Хайди нечего было возразить, хотя она знала, что своим молчанием предает Жюльена, Варди, Бориса и саму себя. У нее даже не нашлось сил, чтобы отнять у Феди руку. Местечко, где его кожа прикасалась к ее, было единственным пространством тепла и жизни, ибо внутри она все так же ощущала кромешную пустоту. Она потерлась костяшками пальцев об его ладонь, и чувственное удовольствие от этого простого жеста тут же обдало ее волной такого глубокого отвращения к самой себе, что ее сильно затошнило, и на секунду кошмар непреднамеренной беременности заставил ее забыть обо всем на свете. Замерев на месте, она занялась отвратительным подсчетом чисел, словно превратившись в гудящий кассовый автомат. Щелканье прекратилось, из автомата выпал листок с датой; пока она в безопасности. Она издала еле слышный вздох облегчения и выдернула руку.

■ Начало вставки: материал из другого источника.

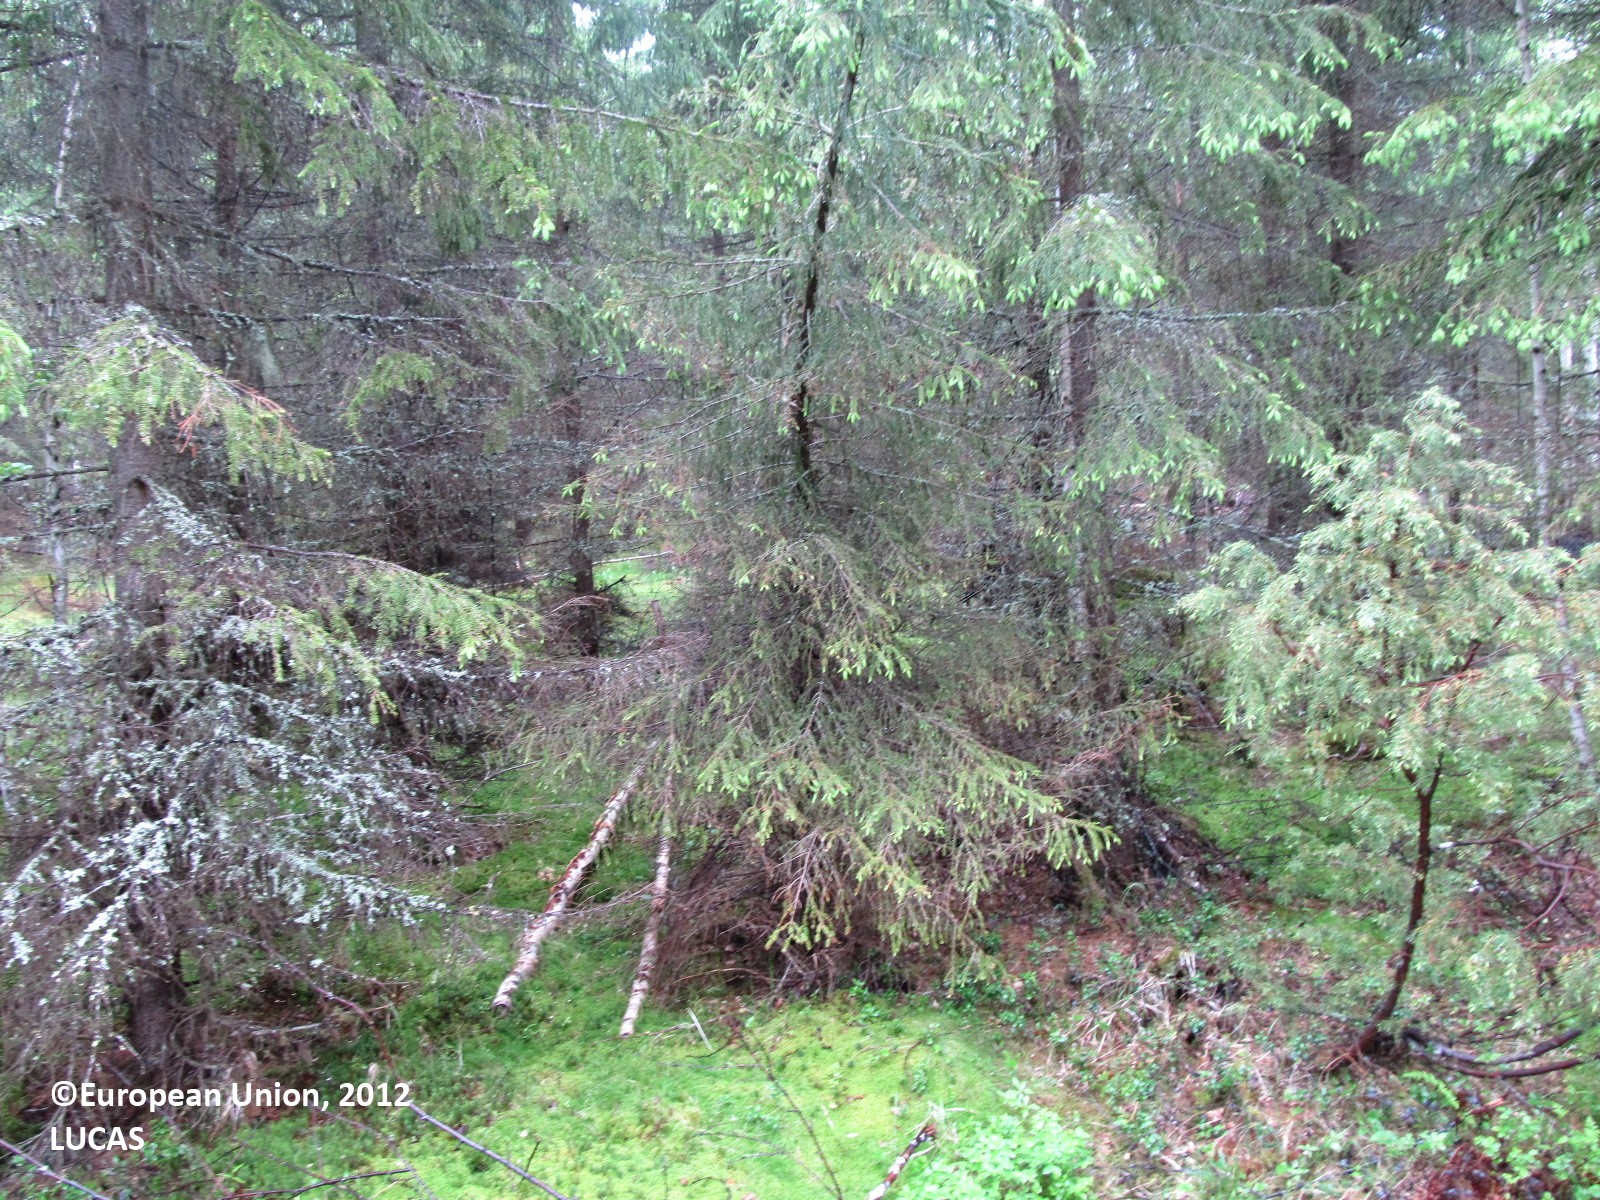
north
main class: Woodland
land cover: Spruce dominated coniferous woodland
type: boreal forest
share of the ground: 25 - 50 %
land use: Forestry
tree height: > 5 m
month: June
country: FI
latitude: 62.8437
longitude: 28.5210
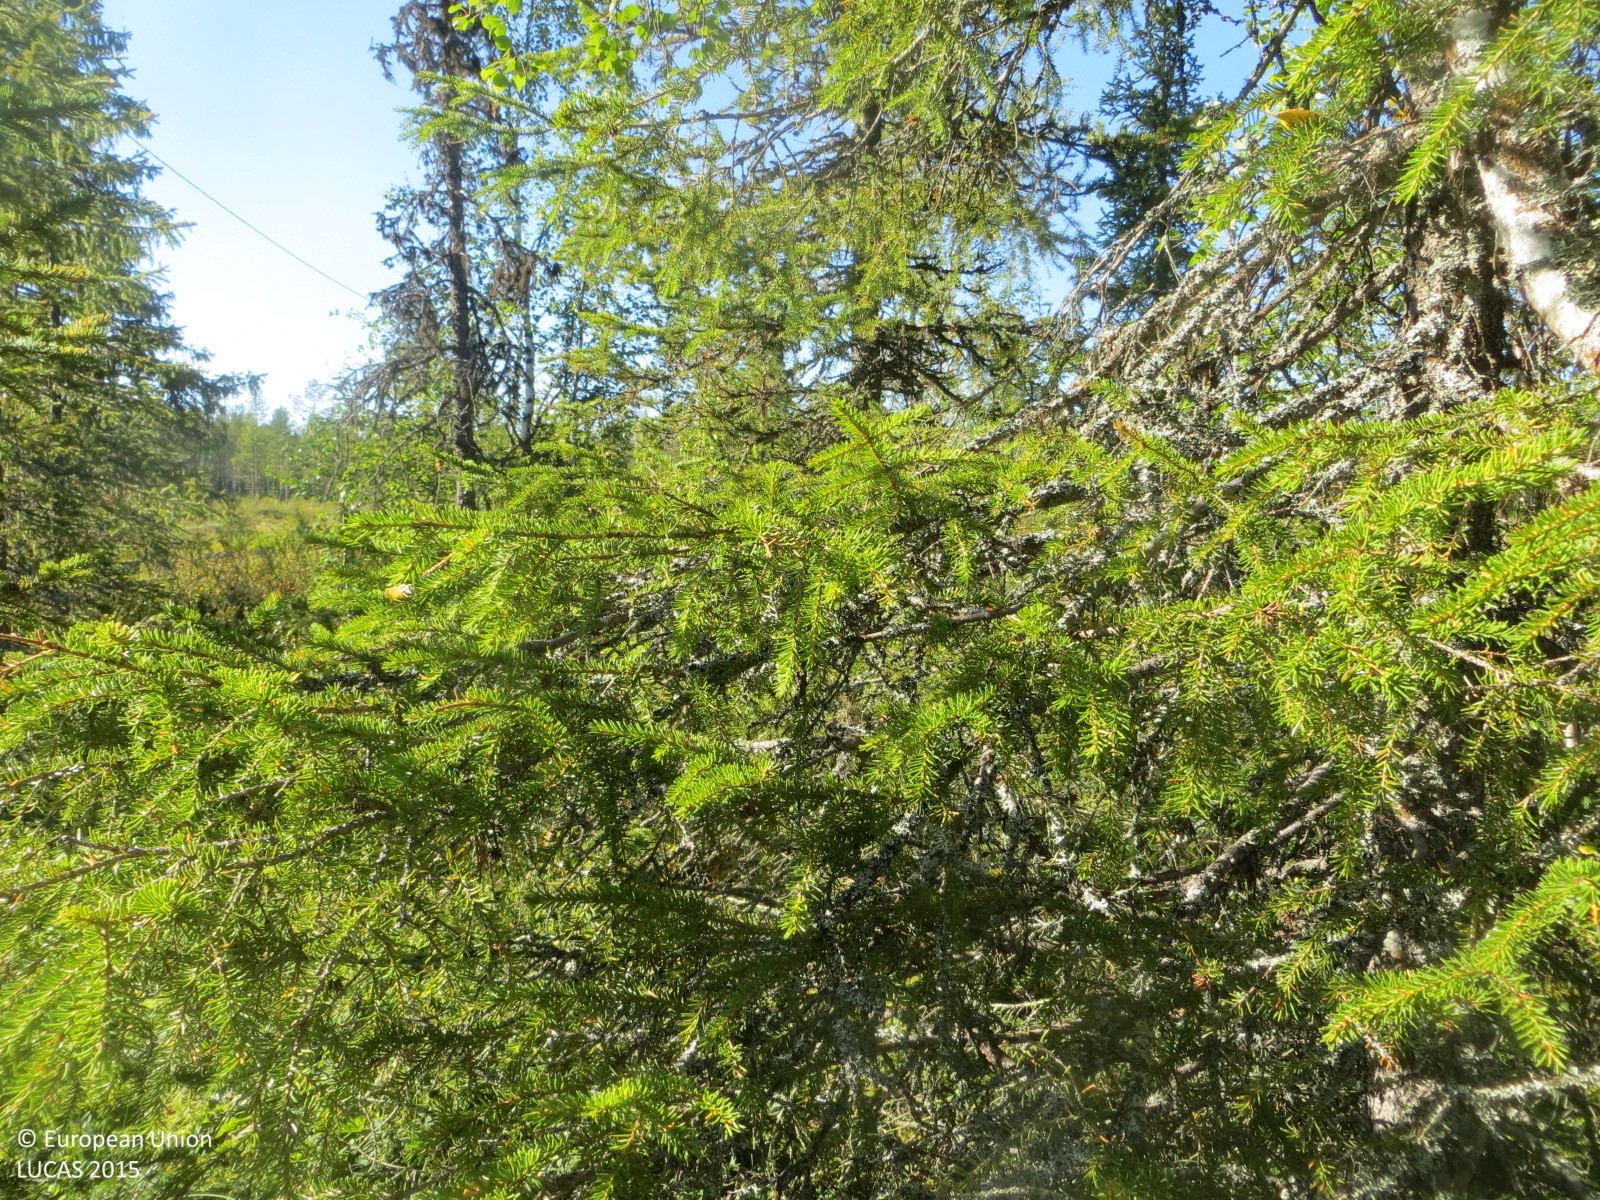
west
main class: Woodland
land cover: Spruce dominated mixed woodland
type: mire and swamp forests
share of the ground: 50 - 75 %
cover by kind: broadleaved forest trees 35 %, shrubs 35 %, coniferous forest trees 30 %
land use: Forestry
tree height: > 5 m
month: August
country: FI
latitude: 67.6148
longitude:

— Хочу выпить, — сказала она.
Федя тоже почувствовал облегчение; регулярные сцены заставляли его скучать до ломоты в зубах.
— Но это будет в последний раз, — предупредил он, — иначе ты не успеешь переодеться в Оперу.
Он пошевелил толстым указательным пальцем, даже не поднимая руки. Один из барменов немедленно оторвался от бутылок и с услужливой улыбкой устремился к их столику.